__EXERCISE REQUIREMENTS__.
Retype each record below word for word. Leave the pictures out.

ENTRIES SHOWN section start

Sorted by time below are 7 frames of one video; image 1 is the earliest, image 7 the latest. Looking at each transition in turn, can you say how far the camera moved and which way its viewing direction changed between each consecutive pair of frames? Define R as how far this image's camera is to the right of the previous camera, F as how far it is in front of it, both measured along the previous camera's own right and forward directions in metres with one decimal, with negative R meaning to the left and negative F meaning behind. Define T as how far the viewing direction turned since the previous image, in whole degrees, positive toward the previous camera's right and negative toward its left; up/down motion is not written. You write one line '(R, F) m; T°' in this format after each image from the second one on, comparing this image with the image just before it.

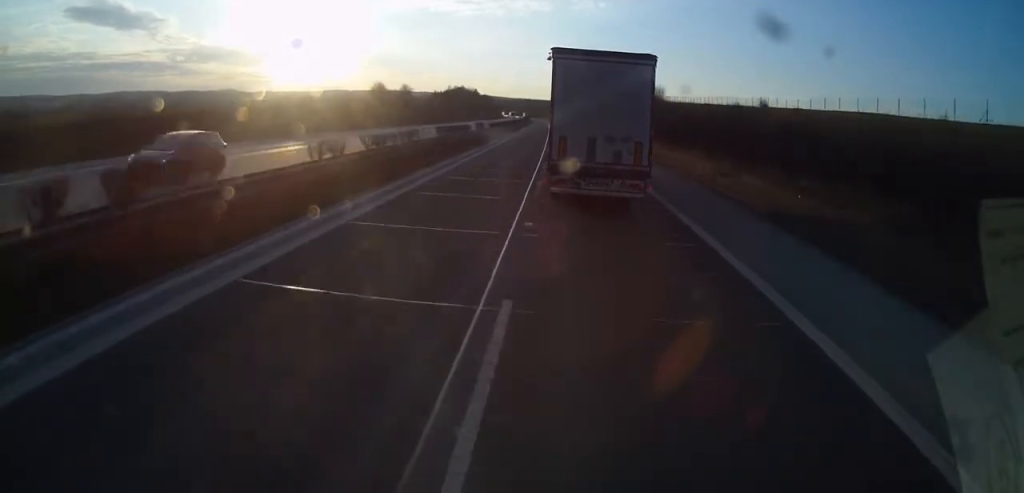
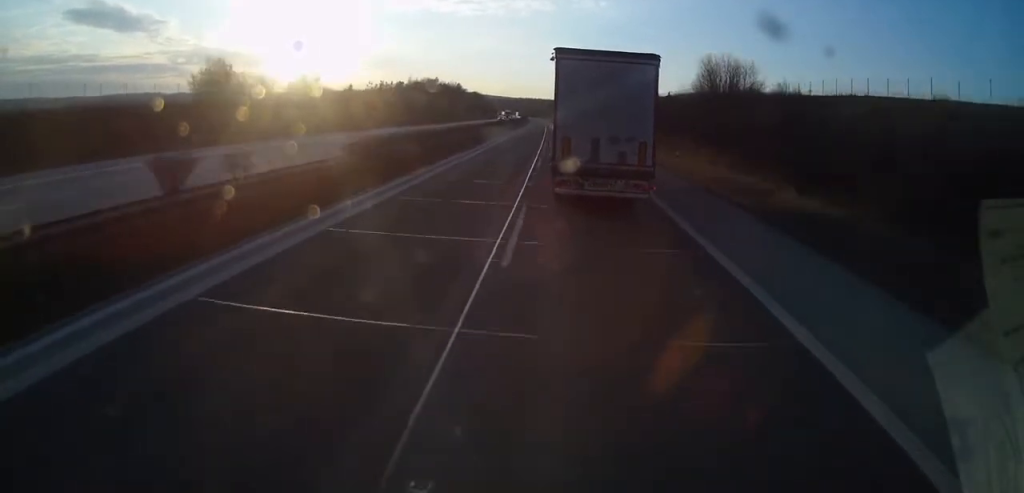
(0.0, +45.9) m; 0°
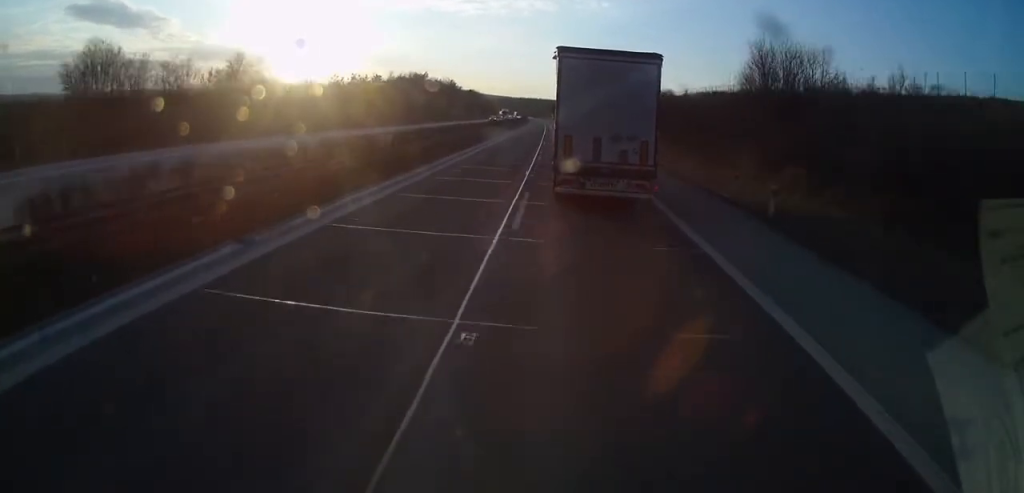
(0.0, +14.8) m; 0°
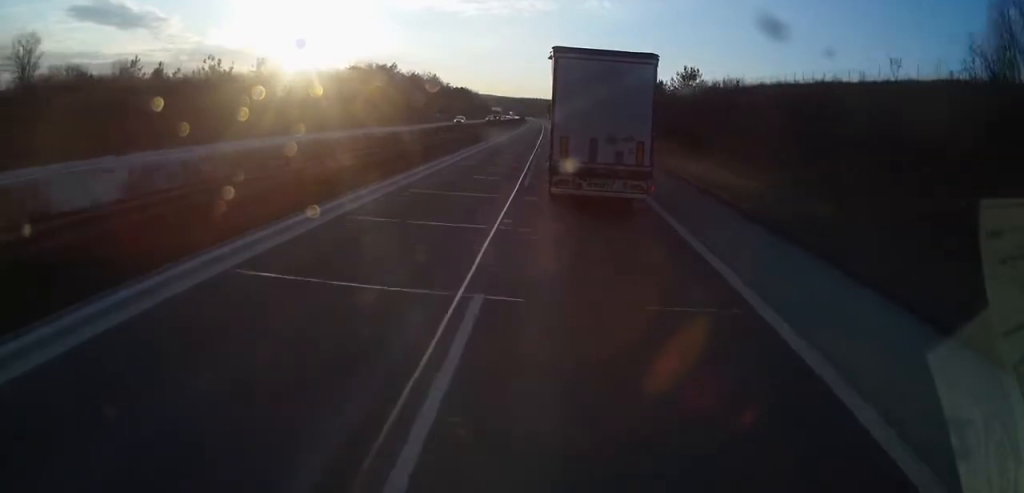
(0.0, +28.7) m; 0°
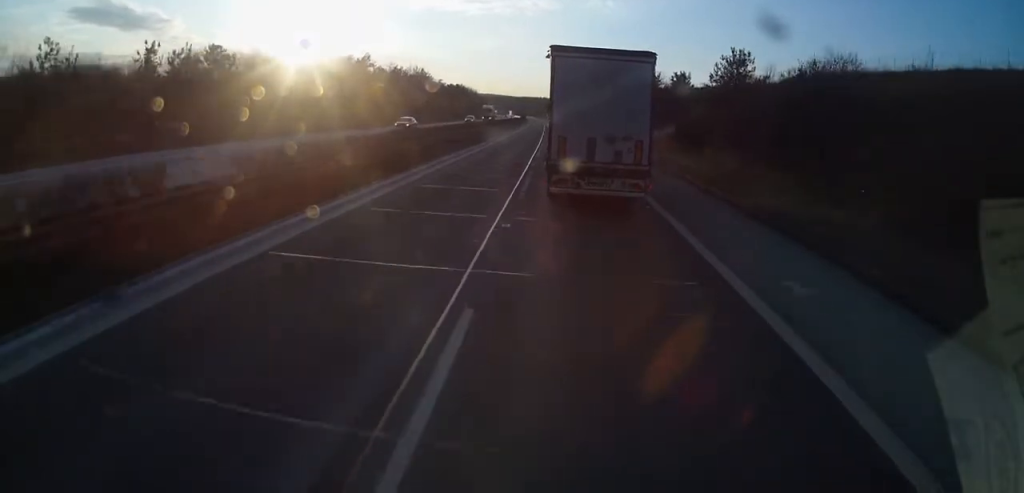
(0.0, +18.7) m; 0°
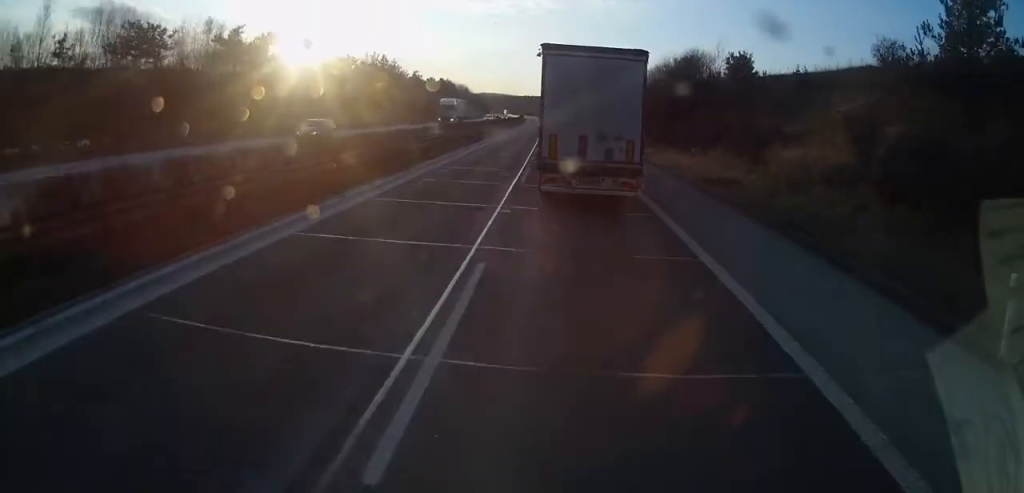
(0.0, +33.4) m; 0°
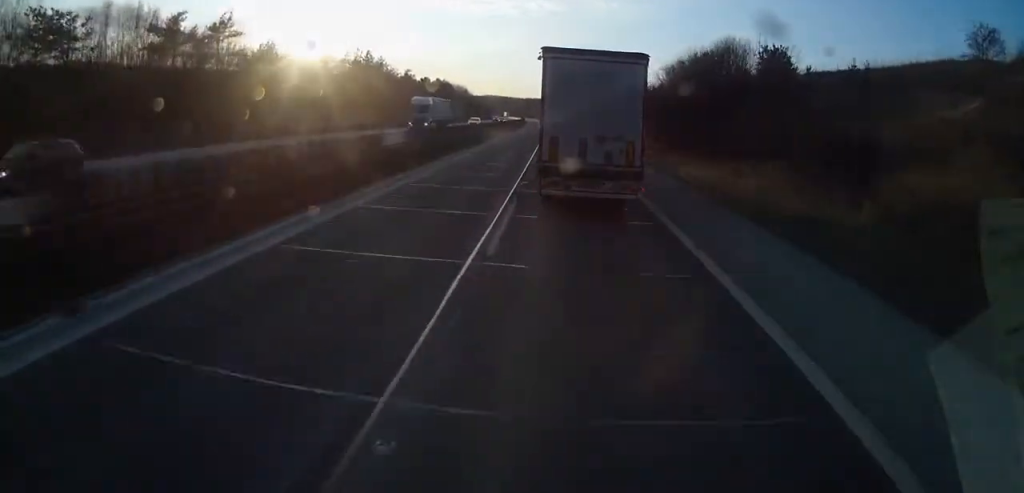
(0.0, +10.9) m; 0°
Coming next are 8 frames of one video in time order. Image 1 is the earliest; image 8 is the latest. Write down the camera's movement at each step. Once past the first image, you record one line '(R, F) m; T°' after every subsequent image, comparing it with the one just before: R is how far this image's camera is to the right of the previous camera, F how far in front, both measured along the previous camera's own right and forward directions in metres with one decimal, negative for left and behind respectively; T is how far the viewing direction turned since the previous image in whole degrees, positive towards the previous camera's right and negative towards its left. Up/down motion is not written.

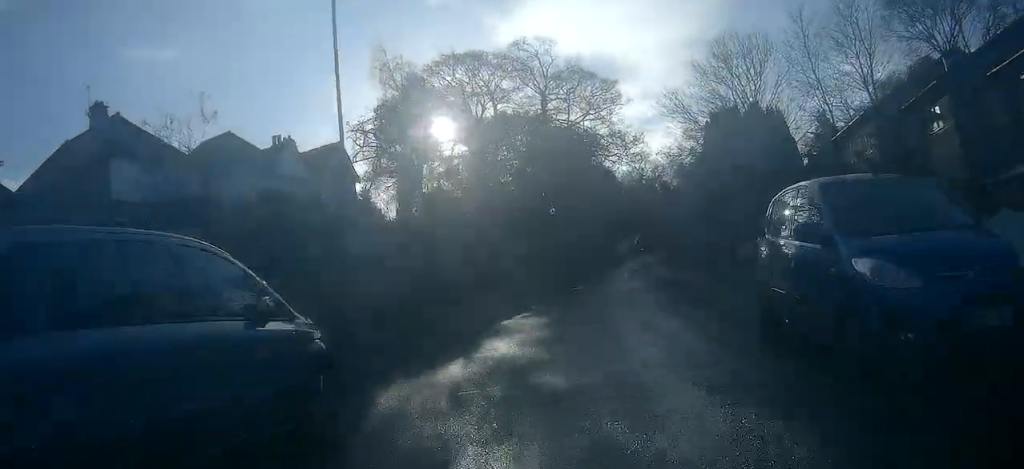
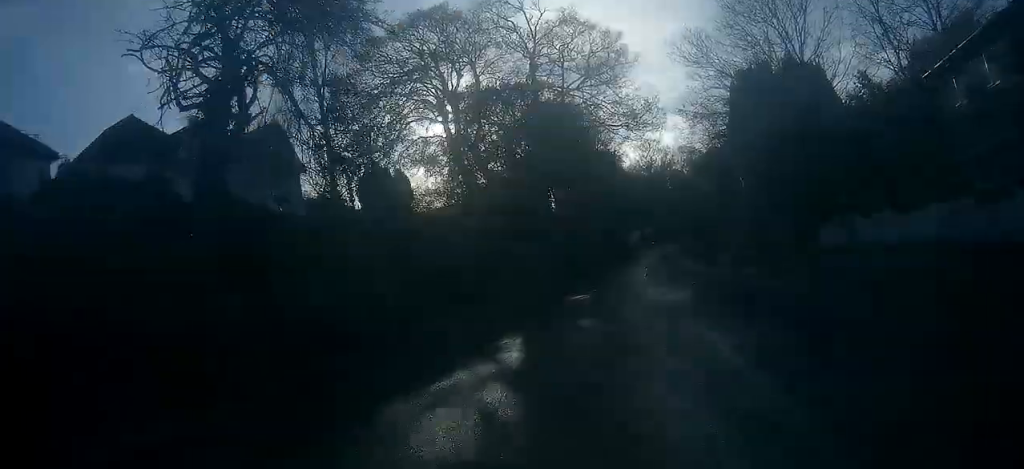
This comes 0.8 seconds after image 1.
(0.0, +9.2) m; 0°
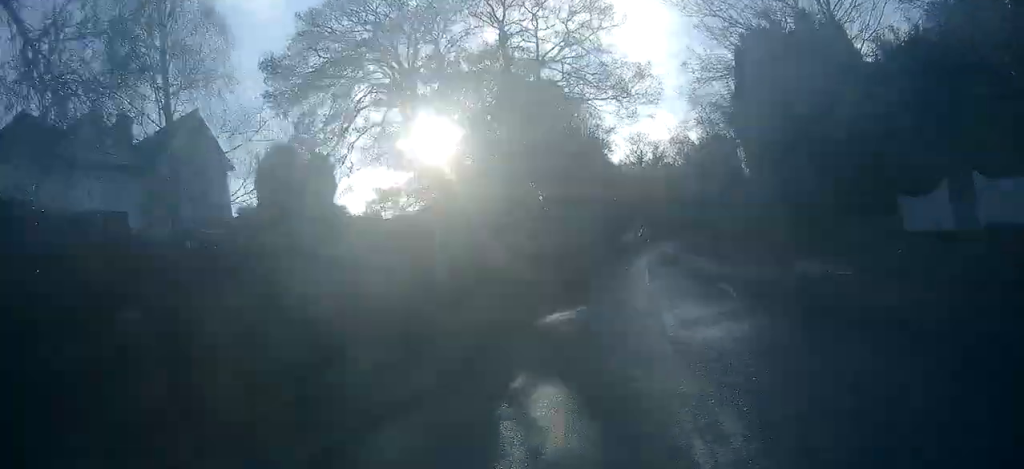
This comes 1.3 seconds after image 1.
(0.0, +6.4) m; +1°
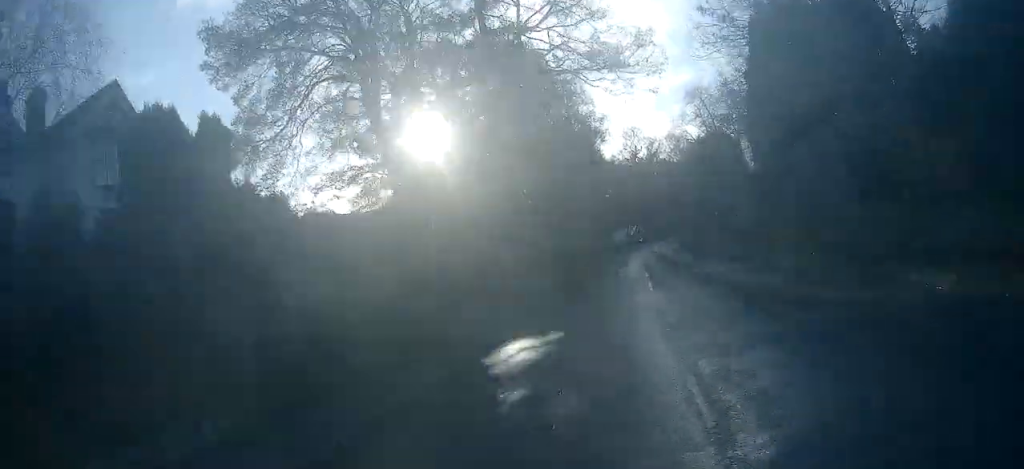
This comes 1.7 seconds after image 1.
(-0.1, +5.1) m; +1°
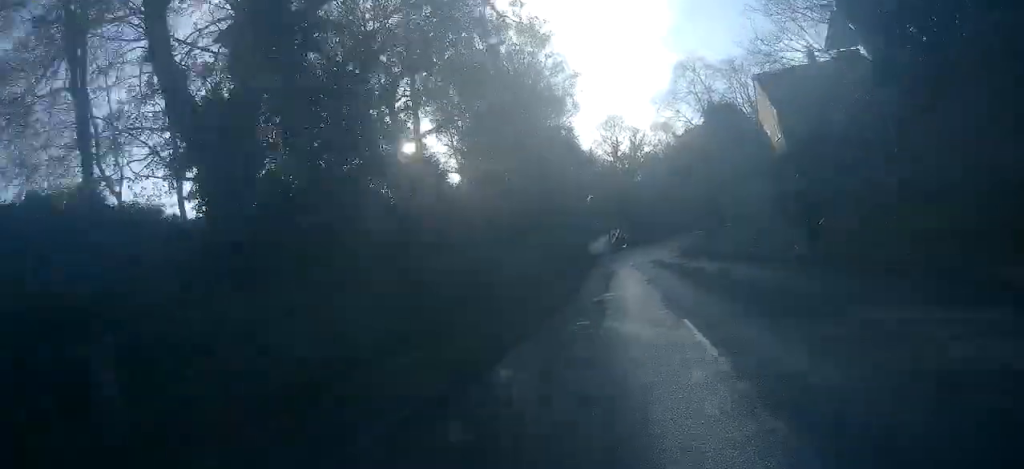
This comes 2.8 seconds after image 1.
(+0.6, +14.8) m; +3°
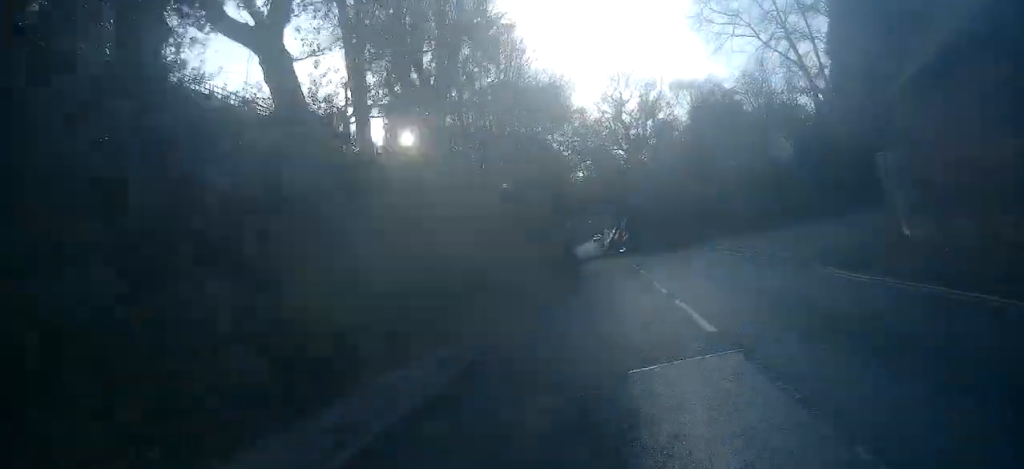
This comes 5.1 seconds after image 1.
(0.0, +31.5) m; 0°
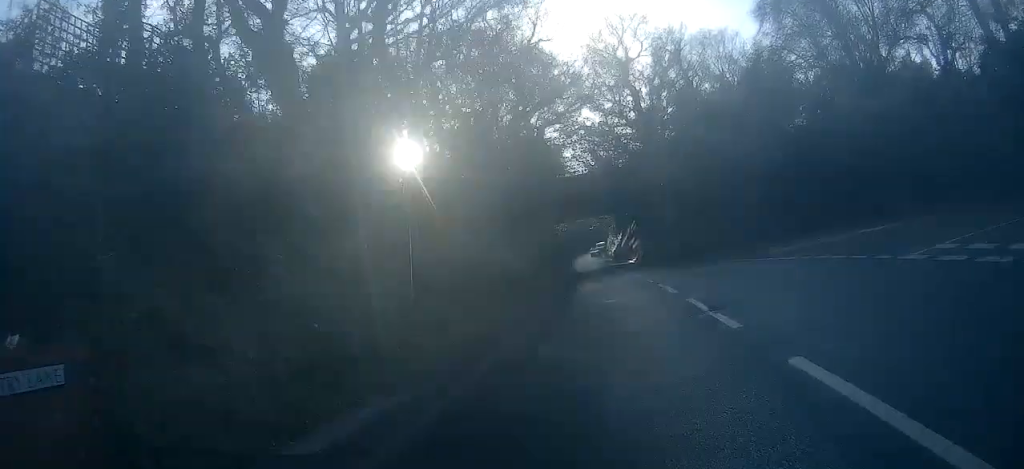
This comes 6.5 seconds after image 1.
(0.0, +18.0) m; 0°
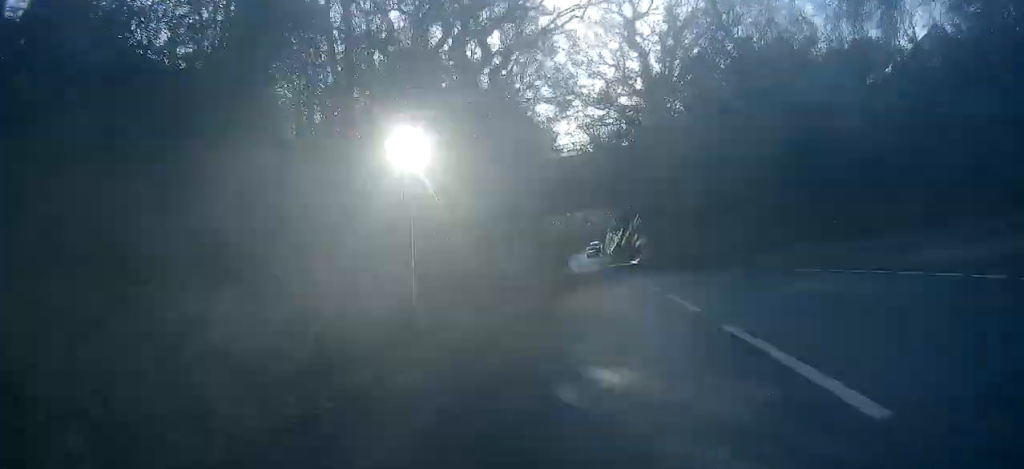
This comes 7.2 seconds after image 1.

ENTRIES SHOWN section end

__OUTPUT BELOW__.
Sorted by time below are 7 frames of one video; image 1 is the earliest, image 7 the latest. Looking at each transition in turn, can you say how far the camera moved and which way its viewing direction changed between each consecutive pair of frames? Define R as how far this image's camera is to the right of the previous camera, F as how far it is in front of it, both measured along the previous camera's own right and forward directions in metres with one decimal, with negative R meaning to the left and negative F meaning behind. Define T as how far the viewing direction turned since the previous image, in whole degrees, positive toward the previous camera's right and negative toward its left; up/down motion is not written. You write one line '(R, F) m; T°' in this format after each image from the second one on, comparing this image with the image just before it.

(0.0, +45.9) m; 0°
(0.0, +14.8) m; 0°
(0.0, +28.7) m; 0°
(0.0, +18.7) m; 0°
(0.0, +33.4) m; 0°
(0.0, +10.9) m; 0°
Coming next are 8 frames of one video in time order. Image 1 is the earliest; image 8 is the latest. Write down the camera's movement at each step. Once past the first image, you record one line '(R, F) m; T°' after every subsequent image, comparing it with the one just before: R is how far this image's camera is to the right of the previous camera, F how far in front, both measured along the previous camera's own right and forward directions in metres with one decimal, negative for left and behind respectively; T is how far the viewing direction turned since the previous image in whole degrees, positive towards the previous camera's right and negative towards its left. Up/down motion is not written.

This comes 0.8 seconds after image 1.
(0.0, +9.2) m; 0°
This comes 1.3 seconds after image 1.
(0.0, +6.4) m; +1°
This comes 1.7 seconds after image 1.
(-0.1, +5.1) m; +1°
This comes 2.8 seconds after image 1.
(+0.6, +14.8) m; +3°
This comes 5.1 seconds after image 1.
(0.0, +31.5) m; 0°
This comes 6.5 seconds after image 1.
(0.0, +18.0) m; 0°
This comes 7.2 seconds after image 1.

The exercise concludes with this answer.